Neurochemical assessments were performed on biopsy samples taken from the right frontal lobe of patients diagnosed with Alzheimer's disease (AD), before the implantation of a ventricular catheter and pump assembly for the infusion of bethanechol chloride as an experimental therapy. The pathologically diagnosed patients with AD (n = 35; mean age, 67 ± 1.5 yr) were compared with a group of samples from normal age‐equivalent autopsied controls (n = 22; mean age, 68 ± 2 yr) and autopsied AD brains (n = 11; mean age, 73 ± 2 yr). Samples were assayed for choline acetyltransferase (ChAT), acetylcholinesterase, binding to {3H}quinuclidinyl benzilate as an index of total muscarinic cholinergic binding, and [3H}pirenzepine binding as an index of Ml cholinergic receptor subtype binding. Mean levels of ChAT activity were decreased in the biopsied patients to 36% of age‐matched autopsied controls.
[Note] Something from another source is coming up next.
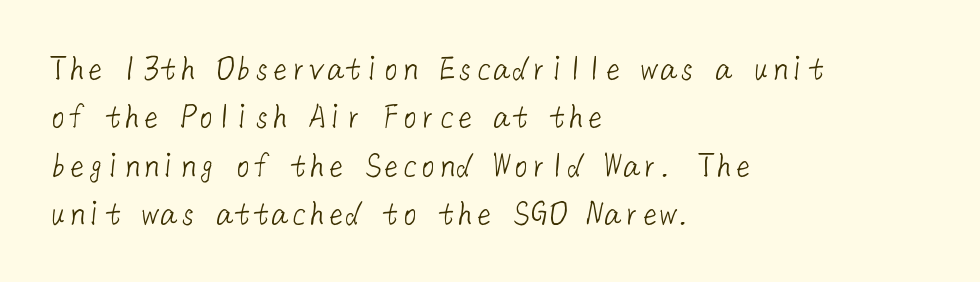
No word sits above an underline. The paragraph shown leans on its left margin. Caption: face not bold, strokes unweighted. Regular leading. Check where the strokes stop: nothing finishes them off — pure sans. The letterforms sit shoulder to shoulder at normal distance.
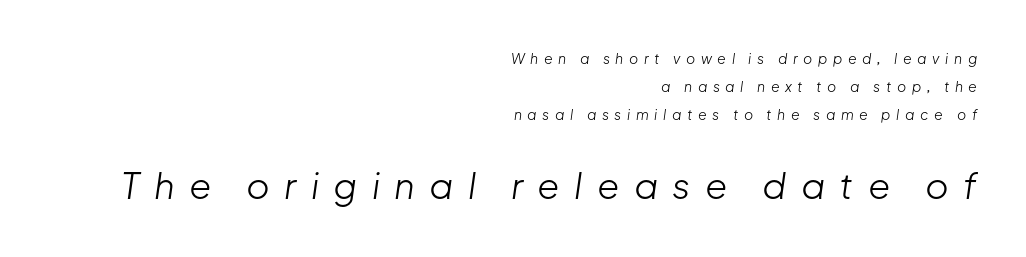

The loss of ChAT activity correlated significantly with the Mini‐Mental State Examination, an index of global cognitive function. Mean ChAT activity in autopsied AD cortex was further decreased compared with controls, indicating continuous decline through the course of the disease. Acetylcholinesterase followed a similar, less dramatic decline. No differences were found in {3H}quinuclidinyl benzilate binding or {3H}pirenzepine binding between biopsied and autopsied controls. Neuritic plaque counts did not correlate with either the Mini‐Mental State Examination or ChAT activity in the biopsy specimens. The correlation of cortical ChAT activity with degree of dementia, although considerably weaker than those of cortical synaptic density with dementia, is the first demonstration of such a relationship in biopsied patients, and suggests another reason why the AD brain may be unresponsive to presynaptic cholinergic manipulations or attempts at enhancement.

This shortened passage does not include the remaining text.